Blood pressure drug increases longevity in elderly

London: An international trial looking at the benefits of giving blood-pressure lowering medication to elderly patients has stopped early, after researchers observed significant reductions in overall mortality in those receiving treatment.

The 3,845 patient Hypertension in the Very Elderly Trial (HYVET) is the largest ever clinical trial to look at the effects of lowering blood pressure solely in those aged 80 and over. Preliminary results of the trial, which is coordinated by scientists from Imperial College London, suggest that lowering blood pressure significantly reduces both stroke and mortality in the over-80s.

A number of earlier trials had demonstrated that reducing blood pressure in the under-80s reduces stroke and cardiovascular events.

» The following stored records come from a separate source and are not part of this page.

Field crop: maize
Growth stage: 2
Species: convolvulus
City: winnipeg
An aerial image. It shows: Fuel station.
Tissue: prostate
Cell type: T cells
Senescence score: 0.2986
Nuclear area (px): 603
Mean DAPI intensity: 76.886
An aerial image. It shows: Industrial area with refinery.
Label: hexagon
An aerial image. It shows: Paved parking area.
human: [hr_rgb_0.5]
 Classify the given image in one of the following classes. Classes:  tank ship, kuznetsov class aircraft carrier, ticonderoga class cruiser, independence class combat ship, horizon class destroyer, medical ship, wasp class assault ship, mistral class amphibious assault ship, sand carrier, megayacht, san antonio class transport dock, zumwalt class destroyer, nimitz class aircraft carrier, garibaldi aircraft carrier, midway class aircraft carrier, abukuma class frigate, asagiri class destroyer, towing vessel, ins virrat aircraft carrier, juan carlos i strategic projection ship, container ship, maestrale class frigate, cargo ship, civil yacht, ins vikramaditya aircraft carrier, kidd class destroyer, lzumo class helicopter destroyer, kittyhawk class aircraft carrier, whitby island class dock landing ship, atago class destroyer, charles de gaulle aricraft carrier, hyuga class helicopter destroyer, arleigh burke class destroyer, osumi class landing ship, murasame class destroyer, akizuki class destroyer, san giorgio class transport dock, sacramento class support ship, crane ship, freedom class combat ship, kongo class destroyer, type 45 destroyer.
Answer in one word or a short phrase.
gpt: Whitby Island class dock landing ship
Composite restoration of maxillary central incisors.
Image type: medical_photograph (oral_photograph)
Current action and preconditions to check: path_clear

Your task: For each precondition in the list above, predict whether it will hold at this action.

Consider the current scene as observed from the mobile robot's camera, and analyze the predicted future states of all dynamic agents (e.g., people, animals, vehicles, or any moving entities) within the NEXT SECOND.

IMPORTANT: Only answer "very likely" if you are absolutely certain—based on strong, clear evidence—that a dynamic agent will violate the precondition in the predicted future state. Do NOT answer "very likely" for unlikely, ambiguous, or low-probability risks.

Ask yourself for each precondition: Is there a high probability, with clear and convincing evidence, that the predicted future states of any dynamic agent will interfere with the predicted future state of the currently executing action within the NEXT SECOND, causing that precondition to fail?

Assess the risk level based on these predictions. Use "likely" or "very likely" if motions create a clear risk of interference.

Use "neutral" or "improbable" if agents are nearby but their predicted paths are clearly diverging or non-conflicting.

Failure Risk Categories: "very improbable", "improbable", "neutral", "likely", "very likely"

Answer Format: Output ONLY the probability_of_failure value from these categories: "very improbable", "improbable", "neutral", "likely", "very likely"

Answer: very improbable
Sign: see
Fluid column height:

However, previous smaller and inconclusive studies also suggested that whilst lowering blood pressure in those aged 80 or over reduced the number of strokes, it did not reduce, and even increased, total mortality.

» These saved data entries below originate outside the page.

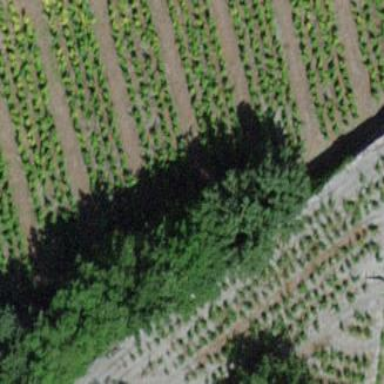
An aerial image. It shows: Vineyard growing grapes.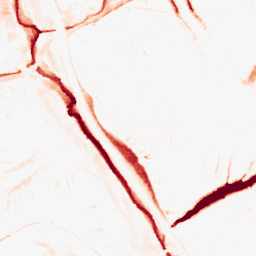
Category: morphological
Decomposition family: tophat
Decomposition parameters: size: 10
mode: black
Upsampling method: sinc_blackman
Upsampling parameters: scale: 8
kernel_size: 16
Upsampling scale: 8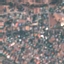
Land use / land cover class: Residential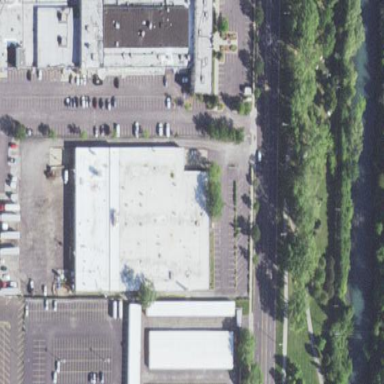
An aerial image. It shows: Office building.
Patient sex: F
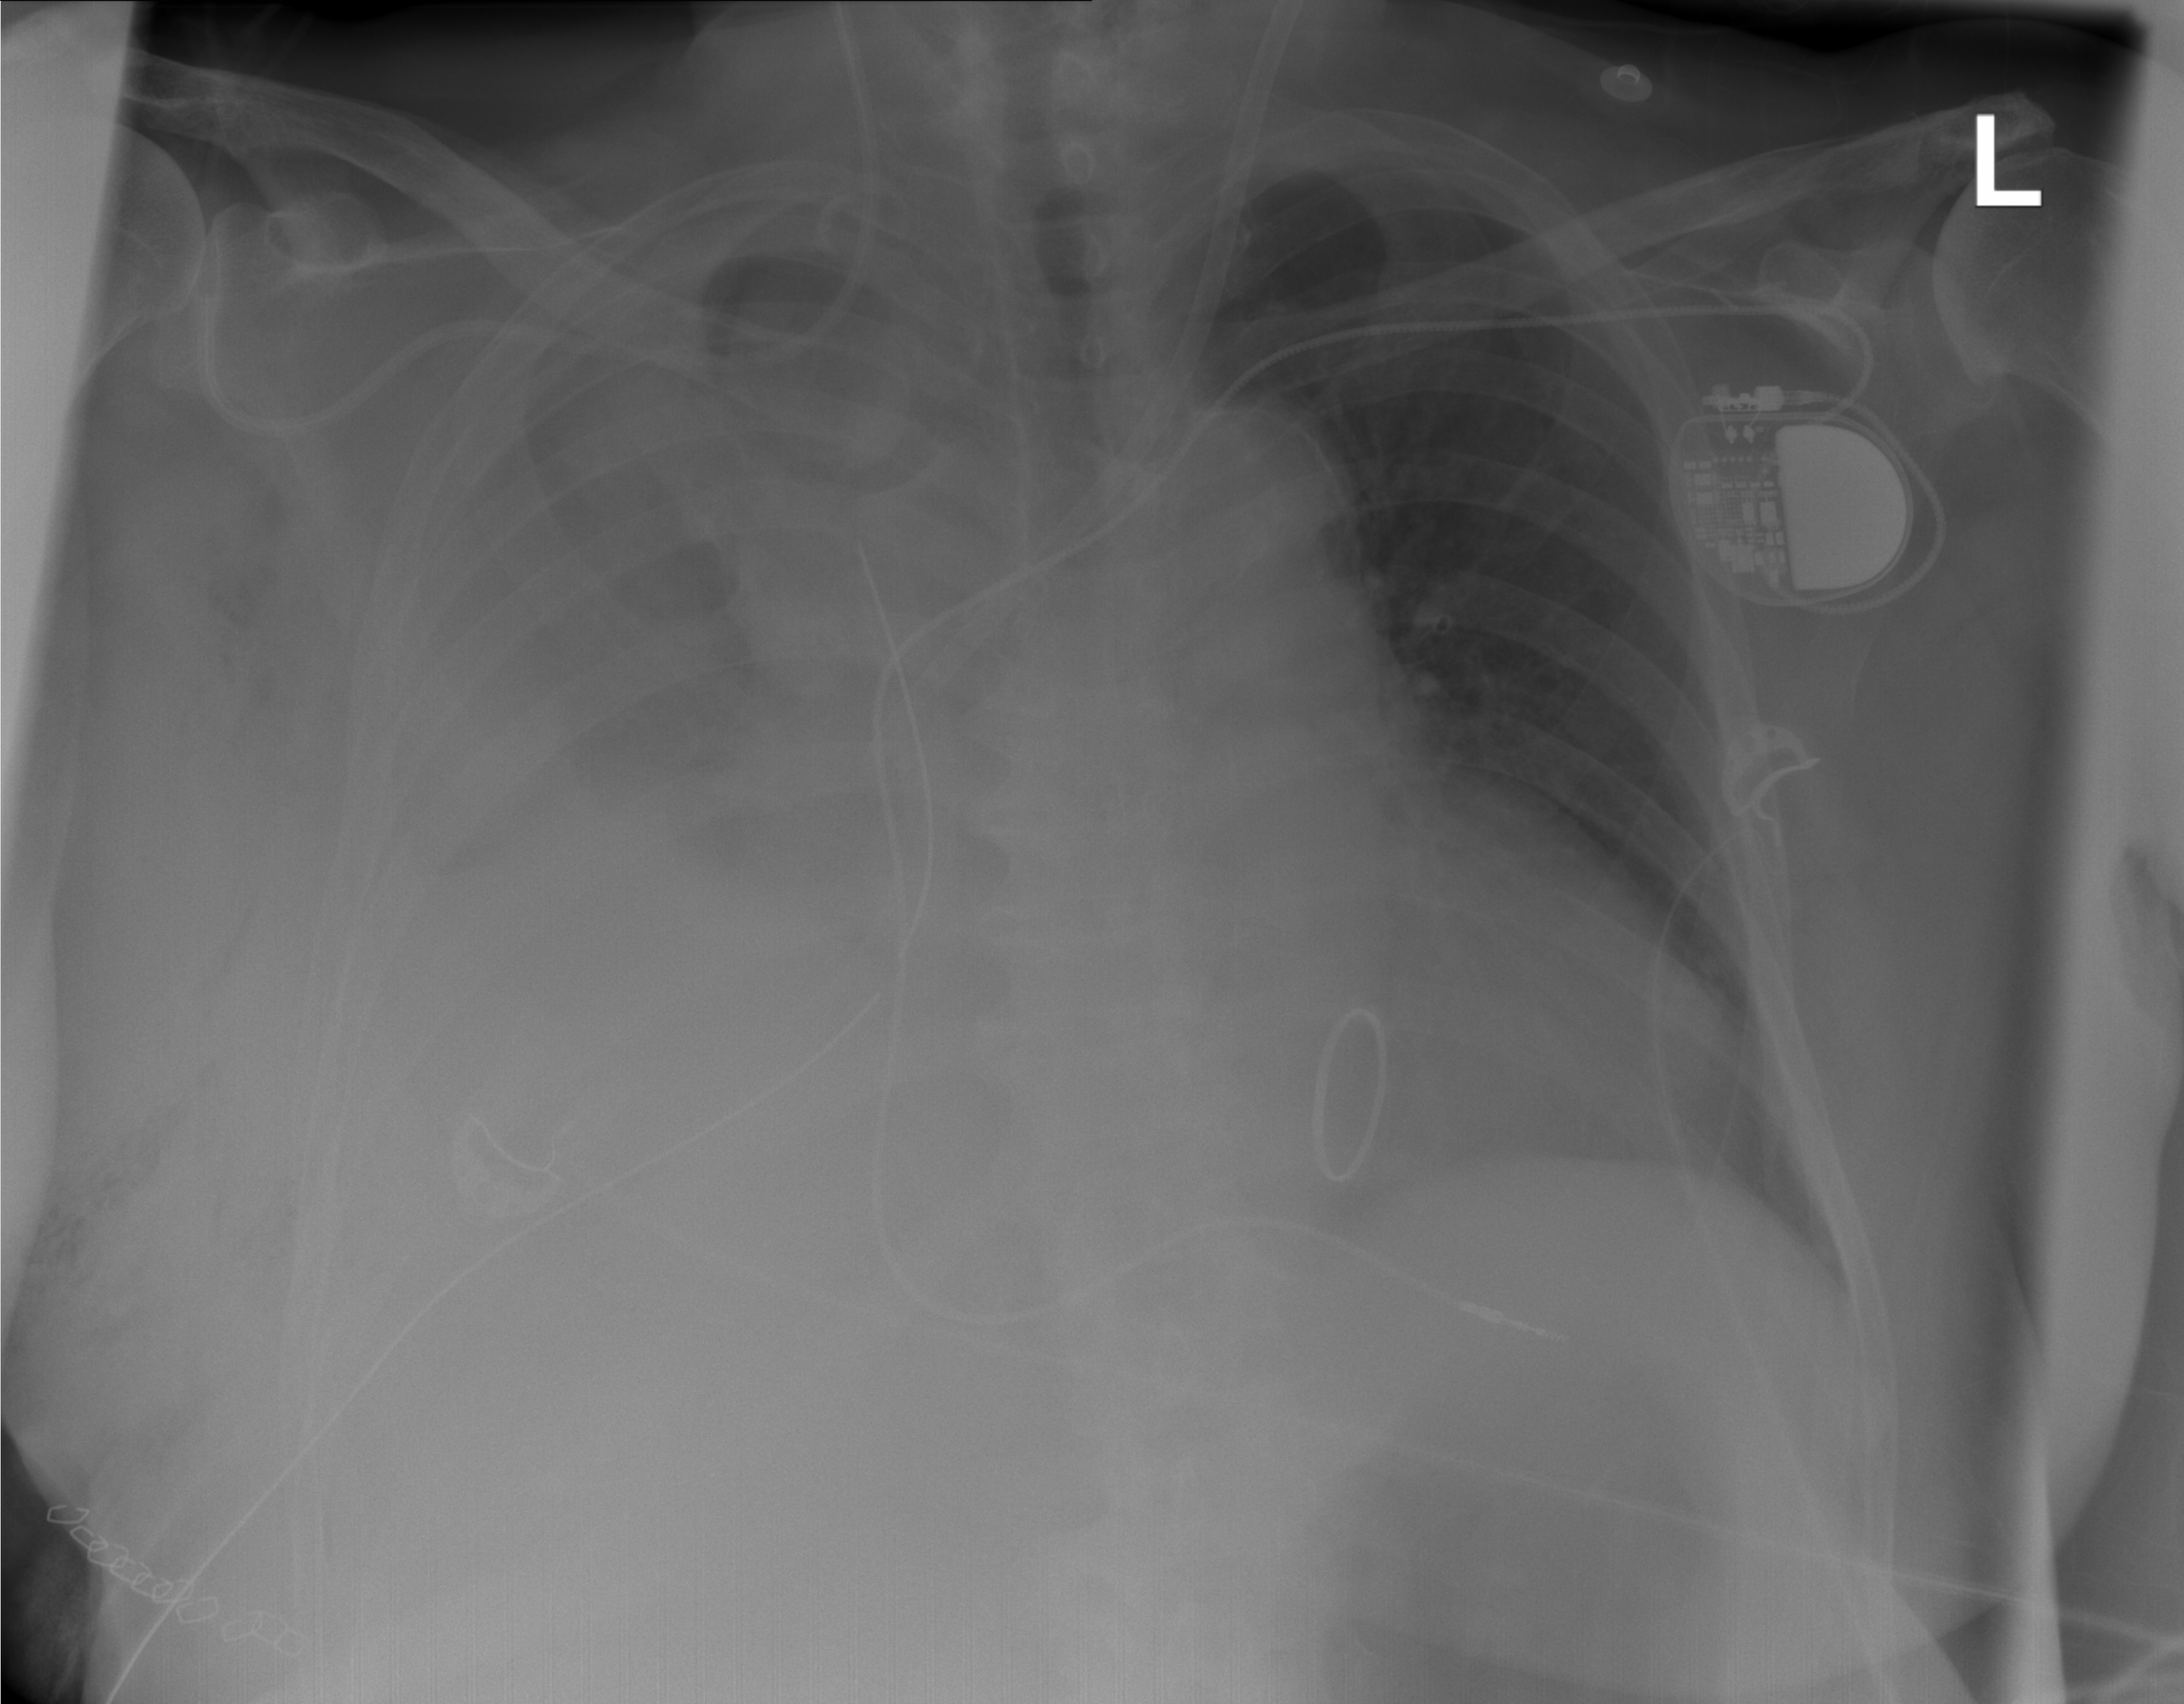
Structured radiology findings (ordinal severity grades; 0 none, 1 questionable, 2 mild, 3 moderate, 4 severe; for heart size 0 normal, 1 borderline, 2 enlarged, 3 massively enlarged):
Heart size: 2
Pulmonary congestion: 2
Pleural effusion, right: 3
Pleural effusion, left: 0
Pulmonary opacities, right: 2
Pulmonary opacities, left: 1
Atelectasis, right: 4
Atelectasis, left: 2

Patients with high blood pressure from across the world were randomised for the double-blind, placebo-controlled trial, which began in 2001. Patients were given either the placebo or a low dose diuretic (indapamide 1.5mg SR), and an additional ACE inhibitor (perindopril), in tablet form once a day.

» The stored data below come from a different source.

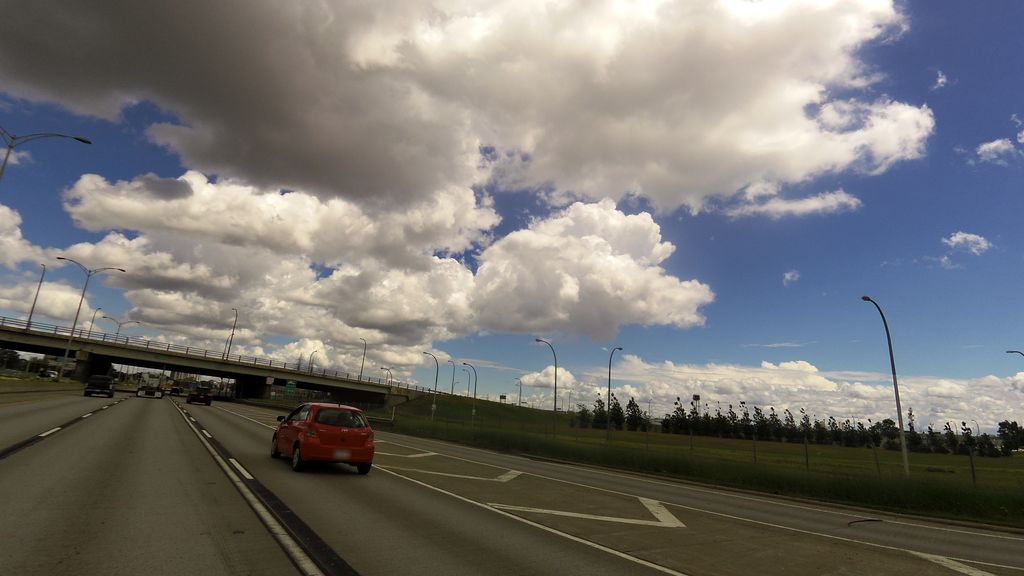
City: montreal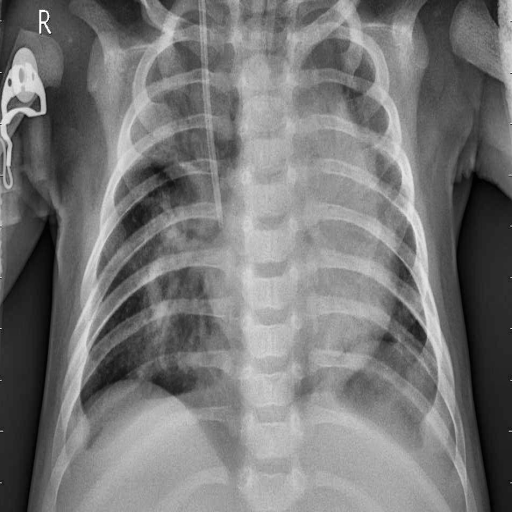
Finding: PNEUMONIA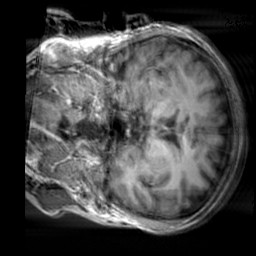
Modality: T1w
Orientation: coronal
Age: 23
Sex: male
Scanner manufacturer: siemens
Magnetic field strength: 3 T
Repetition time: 2.3 s
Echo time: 0.00303 s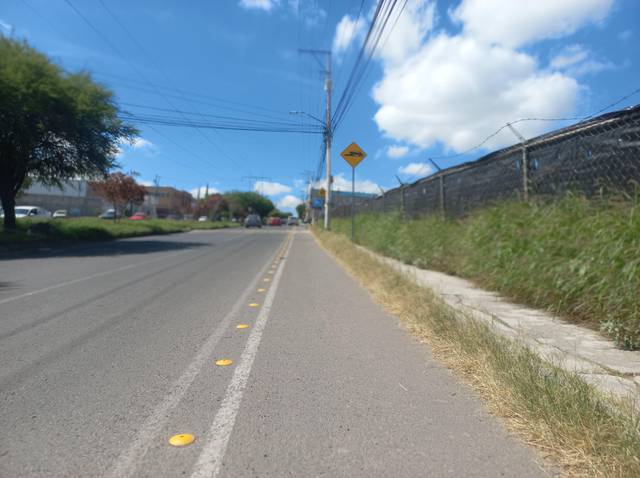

Emeritus Professor Chris Bulpitt, HYVET Principal Investigator from the Care of the Elderly Department at Imperial College London, said: “It was not clear prior to our study whether the over-80s would benefit from blood pressure lowering medication in the same way as younger people.

Our results are great news for people in this age group because they suggest that where they have high blood pressure, such treatment can cut their chances of dying as well as stroke.”

The Steering Committee of HYVET accepted on 12th July 2007 the recommendation of its Data Safety Monitoring Board that the trial should be stopped.

Definitive figures will not be available until all the data has been collected. Results will then be published in the peer reviewed scientific press.

Over the next few months all HYVET patients will be seen for a final visit, where all patients on trial medication will be offered the option of switching to active indapamide 1.5 mg SR based antihypertensive treatment. Prior to their final visit, all patients are advised to stay on their existing drugs until they see their trial physician.

HYVET was co-ordinated by scientists from Imperial College London, working with colleagues around the world. The main trial was funded by both the British Heart Foundation and by the Institut de Recherches Internationales Servier.

1. About stroke and high blood pressure

* Stroke is the third most common cause of death in the England and Wales. In 2004, 11% of deaths amongst those aged 75-84, and 14% of deaths amongst those aged over 85 were due to stroke, according to the Office of National Statistics.

* In the UK about 150,000 people suffer a stroke each year, the equivalent of 1 every 4 minutes.

* About one third of stroke patients die within 6 months of the event, the majority occurring in the first month.

* Disability after stroke is the most important single cause of severe disability of people living in their own homes.

* There are 2 types of stroke:

a. Haemorrhagic – caused by blood leaking into brain tissue from a
blood vessel within the brain
b. Ischeamic – caused by a clot occluding a blood vessel, resulting in
loss of blood supply to a part of the brain and subsequent damage to brain tissue.

High blood pressure increases the chance of both a blood vessel leaking or rupturing, and of a clot forming within a blood vessel. High blood pressure increases the likelihood of damage to the lining of the blood vessel, which in turn leads to an increased chance of spontaneous clot formation within the blood vessel.

* The over 80s are the fastest growing group in the population worldwide – in the UK currently they account for 4% of the total population and this is expected to rise to over 11% by 2050.

* The risk of stroke increases with age, with some estimates suggesting that the risk doubles every decade after a person reaches 55 years of age

* In the UK approximately 4% of the total National Health Service budget is spent on stroke services each year.